Records from a data source:
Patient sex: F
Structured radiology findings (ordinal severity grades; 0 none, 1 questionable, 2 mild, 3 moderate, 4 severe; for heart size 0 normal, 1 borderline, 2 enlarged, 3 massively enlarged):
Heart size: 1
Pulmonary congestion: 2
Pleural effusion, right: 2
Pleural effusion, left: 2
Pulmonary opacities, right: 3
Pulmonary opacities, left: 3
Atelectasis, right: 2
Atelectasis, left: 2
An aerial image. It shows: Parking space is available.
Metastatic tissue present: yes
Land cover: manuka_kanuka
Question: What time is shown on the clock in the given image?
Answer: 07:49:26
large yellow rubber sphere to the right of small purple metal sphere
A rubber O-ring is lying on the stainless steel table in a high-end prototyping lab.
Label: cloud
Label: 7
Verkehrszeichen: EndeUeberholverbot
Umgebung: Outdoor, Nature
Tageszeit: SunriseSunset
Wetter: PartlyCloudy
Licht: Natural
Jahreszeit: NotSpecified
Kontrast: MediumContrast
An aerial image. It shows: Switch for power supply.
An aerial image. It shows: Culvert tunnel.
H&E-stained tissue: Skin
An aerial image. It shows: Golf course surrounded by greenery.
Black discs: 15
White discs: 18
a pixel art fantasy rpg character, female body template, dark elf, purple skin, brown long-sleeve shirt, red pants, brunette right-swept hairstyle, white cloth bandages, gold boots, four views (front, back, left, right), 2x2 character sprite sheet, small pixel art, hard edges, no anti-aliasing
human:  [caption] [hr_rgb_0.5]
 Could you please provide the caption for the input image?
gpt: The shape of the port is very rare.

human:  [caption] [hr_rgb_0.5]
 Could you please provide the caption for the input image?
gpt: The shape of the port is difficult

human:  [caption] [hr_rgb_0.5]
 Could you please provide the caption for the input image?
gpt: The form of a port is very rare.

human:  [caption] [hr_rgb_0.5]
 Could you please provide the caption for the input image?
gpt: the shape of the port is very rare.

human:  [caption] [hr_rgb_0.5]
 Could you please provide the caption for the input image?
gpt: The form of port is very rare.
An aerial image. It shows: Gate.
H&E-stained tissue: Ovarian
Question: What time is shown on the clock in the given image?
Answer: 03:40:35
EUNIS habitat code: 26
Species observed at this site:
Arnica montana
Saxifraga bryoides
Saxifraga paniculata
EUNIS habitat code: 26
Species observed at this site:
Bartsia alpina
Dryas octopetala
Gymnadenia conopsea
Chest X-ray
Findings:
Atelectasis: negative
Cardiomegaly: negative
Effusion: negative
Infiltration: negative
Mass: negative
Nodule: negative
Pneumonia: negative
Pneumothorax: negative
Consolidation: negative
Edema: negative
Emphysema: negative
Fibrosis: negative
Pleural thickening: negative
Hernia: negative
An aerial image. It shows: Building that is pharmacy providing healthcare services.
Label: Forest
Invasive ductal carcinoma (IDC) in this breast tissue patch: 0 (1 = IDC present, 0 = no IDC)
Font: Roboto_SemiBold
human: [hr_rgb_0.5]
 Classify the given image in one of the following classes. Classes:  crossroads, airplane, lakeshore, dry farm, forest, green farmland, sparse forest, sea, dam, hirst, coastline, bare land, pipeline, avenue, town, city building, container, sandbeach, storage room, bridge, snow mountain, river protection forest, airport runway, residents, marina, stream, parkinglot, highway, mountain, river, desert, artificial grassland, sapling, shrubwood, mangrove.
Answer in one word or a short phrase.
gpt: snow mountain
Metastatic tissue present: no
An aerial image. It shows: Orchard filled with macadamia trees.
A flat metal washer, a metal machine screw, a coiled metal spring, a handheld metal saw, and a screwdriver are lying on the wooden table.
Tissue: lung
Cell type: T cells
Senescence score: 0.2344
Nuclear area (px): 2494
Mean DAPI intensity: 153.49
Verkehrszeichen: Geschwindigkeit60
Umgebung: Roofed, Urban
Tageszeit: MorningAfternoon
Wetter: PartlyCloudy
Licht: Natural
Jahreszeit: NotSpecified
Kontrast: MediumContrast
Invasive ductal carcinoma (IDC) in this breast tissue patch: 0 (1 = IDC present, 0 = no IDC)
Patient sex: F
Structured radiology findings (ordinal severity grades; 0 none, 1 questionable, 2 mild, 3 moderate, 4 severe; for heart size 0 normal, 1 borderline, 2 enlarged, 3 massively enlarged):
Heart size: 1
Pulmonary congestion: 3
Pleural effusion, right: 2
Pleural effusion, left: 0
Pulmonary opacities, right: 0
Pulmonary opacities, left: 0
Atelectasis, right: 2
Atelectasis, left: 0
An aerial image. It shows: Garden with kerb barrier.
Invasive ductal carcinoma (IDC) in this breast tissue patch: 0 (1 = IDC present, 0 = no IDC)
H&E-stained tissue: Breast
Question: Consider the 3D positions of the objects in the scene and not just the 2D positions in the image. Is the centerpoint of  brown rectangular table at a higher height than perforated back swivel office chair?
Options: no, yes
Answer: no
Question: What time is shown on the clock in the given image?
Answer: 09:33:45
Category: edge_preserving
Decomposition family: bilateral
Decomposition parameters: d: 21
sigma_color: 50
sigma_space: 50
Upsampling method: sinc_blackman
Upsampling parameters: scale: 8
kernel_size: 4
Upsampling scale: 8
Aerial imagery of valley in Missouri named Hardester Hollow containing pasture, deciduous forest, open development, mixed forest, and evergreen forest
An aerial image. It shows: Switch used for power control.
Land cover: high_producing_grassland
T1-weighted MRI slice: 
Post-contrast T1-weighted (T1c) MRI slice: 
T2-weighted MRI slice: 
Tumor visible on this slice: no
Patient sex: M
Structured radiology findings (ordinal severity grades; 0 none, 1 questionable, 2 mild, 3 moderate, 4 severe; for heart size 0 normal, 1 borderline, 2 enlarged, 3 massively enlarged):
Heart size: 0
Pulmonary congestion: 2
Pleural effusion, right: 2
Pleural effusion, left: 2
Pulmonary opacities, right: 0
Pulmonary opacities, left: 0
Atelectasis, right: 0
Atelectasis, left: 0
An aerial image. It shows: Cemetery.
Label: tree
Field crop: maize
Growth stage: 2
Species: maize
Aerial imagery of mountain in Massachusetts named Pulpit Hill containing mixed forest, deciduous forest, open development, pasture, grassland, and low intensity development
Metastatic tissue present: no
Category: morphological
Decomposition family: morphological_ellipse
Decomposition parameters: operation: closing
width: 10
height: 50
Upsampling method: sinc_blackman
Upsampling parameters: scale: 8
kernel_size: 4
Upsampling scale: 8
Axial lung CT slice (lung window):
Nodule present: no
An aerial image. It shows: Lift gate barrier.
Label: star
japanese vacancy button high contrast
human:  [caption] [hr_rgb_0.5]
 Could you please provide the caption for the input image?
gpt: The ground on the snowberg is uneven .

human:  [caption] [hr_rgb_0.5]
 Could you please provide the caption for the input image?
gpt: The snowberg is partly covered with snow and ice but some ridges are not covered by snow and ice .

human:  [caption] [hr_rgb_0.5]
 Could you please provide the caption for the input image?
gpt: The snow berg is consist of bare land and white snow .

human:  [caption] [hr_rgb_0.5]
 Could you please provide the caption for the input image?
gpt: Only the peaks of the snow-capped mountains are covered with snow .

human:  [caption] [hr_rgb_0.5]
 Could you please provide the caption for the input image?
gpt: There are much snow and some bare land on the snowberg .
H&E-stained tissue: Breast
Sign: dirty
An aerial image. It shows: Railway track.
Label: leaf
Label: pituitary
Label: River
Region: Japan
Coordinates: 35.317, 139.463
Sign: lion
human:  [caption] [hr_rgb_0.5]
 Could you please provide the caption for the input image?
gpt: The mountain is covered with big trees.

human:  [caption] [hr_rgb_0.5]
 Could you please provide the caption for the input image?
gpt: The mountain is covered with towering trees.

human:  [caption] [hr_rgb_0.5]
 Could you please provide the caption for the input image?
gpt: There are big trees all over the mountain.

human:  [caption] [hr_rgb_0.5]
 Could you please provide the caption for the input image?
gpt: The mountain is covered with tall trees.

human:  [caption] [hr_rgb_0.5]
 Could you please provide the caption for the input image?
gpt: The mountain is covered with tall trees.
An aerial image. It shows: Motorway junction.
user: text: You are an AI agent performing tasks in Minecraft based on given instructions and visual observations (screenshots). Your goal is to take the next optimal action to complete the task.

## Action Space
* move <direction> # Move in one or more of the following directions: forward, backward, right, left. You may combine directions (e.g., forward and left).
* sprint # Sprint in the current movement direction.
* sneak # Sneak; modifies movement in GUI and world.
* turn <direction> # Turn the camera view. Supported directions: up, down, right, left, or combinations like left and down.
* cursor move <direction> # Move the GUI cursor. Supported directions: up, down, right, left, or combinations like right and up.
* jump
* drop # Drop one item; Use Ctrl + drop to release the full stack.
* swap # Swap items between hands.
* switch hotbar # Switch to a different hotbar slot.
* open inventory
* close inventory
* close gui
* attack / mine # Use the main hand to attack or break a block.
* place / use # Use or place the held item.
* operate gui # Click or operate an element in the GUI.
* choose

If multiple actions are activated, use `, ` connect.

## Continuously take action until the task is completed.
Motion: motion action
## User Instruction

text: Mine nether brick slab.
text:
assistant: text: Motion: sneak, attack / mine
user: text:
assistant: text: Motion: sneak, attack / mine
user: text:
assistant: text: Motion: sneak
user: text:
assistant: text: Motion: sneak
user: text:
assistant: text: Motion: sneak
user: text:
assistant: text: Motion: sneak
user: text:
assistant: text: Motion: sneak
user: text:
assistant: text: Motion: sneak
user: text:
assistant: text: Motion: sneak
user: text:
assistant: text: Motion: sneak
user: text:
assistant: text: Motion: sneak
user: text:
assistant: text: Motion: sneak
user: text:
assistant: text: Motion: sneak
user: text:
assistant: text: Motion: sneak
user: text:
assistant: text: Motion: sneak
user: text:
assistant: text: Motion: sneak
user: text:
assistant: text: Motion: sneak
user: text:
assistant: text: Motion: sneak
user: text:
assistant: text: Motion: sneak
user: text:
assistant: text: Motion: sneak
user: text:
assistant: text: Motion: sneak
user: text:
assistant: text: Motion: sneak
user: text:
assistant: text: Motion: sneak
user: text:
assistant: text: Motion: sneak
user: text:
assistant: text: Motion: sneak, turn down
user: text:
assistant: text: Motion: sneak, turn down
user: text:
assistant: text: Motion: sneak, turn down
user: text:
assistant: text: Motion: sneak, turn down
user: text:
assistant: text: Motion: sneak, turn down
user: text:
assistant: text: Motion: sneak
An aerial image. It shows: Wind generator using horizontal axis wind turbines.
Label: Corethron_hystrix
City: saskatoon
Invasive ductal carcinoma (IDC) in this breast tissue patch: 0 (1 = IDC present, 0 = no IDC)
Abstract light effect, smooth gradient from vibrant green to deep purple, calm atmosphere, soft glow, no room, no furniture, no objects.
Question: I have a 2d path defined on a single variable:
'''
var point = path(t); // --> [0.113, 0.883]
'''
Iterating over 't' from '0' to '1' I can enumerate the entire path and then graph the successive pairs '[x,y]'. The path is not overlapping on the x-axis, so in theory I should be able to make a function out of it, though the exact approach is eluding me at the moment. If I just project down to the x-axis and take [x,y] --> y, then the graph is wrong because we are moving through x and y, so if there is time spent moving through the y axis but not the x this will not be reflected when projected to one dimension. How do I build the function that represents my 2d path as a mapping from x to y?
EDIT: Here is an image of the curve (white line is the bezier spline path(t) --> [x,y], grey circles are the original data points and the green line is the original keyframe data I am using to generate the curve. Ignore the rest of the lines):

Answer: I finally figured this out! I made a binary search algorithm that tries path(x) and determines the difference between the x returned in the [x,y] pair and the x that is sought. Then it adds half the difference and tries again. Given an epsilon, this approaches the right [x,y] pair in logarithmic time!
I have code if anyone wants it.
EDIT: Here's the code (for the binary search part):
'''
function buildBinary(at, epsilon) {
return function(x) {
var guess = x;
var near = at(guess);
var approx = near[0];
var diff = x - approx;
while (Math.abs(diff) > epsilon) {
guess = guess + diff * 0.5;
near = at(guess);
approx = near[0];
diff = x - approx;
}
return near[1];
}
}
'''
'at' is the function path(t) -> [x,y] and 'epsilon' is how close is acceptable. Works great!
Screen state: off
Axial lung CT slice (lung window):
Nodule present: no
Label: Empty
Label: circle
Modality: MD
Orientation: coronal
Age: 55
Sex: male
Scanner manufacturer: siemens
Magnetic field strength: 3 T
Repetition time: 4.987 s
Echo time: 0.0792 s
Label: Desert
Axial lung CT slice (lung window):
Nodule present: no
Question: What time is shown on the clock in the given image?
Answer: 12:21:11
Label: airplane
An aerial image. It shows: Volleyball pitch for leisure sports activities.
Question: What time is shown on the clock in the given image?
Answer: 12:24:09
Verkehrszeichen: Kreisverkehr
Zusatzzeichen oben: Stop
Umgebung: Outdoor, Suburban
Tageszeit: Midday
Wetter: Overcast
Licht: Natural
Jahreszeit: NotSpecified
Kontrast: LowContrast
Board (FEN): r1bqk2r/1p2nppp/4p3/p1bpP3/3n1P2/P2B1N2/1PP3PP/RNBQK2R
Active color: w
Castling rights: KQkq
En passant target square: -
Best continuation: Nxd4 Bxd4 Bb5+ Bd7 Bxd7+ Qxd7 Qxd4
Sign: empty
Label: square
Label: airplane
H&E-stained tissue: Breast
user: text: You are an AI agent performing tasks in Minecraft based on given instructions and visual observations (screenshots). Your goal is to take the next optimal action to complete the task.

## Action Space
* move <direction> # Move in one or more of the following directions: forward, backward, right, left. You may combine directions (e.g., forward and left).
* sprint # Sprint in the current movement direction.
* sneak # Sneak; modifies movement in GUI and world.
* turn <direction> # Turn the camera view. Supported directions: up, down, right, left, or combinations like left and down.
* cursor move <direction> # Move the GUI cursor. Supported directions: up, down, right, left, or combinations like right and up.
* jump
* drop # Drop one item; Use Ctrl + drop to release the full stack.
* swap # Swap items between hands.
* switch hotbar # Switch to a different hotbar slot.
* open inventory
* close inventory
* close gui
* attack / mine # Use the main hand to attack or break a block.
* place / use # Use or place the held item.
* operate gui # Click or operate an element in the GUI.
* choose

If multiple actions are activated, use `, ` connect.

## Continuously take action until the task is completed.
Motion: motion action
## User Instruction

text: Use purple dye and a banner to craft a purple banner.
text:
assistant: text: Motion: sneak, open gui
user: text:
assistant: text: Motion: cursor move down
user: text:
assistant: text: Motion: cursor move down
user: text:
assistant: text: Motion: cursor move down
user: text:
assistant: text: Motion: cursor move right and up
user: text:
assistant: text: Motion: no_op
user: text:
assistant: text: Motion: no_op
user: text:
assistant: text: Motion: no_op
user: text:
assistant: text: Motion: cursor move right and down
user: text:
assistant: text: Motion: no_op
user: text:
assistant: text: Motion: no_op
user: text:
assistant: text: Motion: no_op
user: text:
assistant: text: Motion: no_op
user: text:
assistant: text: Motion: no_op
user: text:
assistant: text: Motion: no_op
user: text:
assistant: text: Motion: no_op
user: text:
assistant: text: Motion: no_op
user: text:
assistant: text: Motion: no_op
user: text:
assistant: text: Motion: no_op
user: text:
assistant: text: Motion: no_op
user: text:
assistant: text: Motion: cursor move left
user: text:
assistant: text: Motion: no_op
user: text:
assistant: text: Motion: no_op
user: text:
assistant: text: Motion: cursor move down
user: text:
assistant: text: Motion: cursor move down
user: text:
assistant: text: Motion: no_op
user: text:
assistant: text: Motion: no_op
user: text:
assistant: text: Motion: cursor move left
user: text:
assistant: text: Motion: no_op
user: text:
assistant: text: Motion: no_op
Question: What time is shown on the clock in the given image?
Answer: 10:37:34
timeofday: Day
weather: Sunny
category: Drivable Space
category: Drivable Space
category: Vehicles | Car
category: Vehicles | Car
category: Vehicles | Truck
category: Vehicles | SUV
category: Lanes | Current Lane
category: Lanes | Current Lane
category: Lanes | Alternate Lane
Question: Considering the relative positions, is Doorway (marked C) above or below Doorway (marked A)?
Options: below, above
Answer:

_Your assignment_. Nothing but the lines from the beginning of the records through the line with "Black discs: 15" should appear, each printed exactly.

_Written answer_.
Patient sex: F
Structured radiology findings (ordinal severity grades; 0 none, 1 questionable, 2 mild, 3 moderate, 4 severe; for heart size 0 normal, 1 borderline, 2 enlarged, 3 massively enlarged):
Heart size: 1
Pulmonary congestion: 2
Pleural effusion, right: 2
Pleural effusion, left: 2
Pulmonary opacities, right: 3
Pulmonary opacities, left: 3
Atelectasis, right: 2
Atelectasis, left: 2
An aerial image. It shows: Parking space is available.
Metastatic tissue present: yes
Land cover: manuka_kanuka
Question: What time is shown on the clock in the given image?
Answer: 07:49:26
large yellow rubber sphere to the right of small purple metal sphere
A rubber O-ring is lying on the stainless steel table in a high-end prototyping lab.
Label: cloud
Label: 7
Verkehrszeichen: EndeUeberholverbot
Umgebung: Outdoor, Nature
Tageszeit: SunriseSunset
Wetter: PartlyCloudy
Licht: Natural
Jahreszeit: NotSpecified
Kontrast: MediumContrast
An aerial image. It shows: Switch for power supply.
An aerial image. It shows: Culvert tunnel.
H&E-stained tissue: Skin
An aerial image. It shows: Golf course surrounded by greenery.
Black discs: 15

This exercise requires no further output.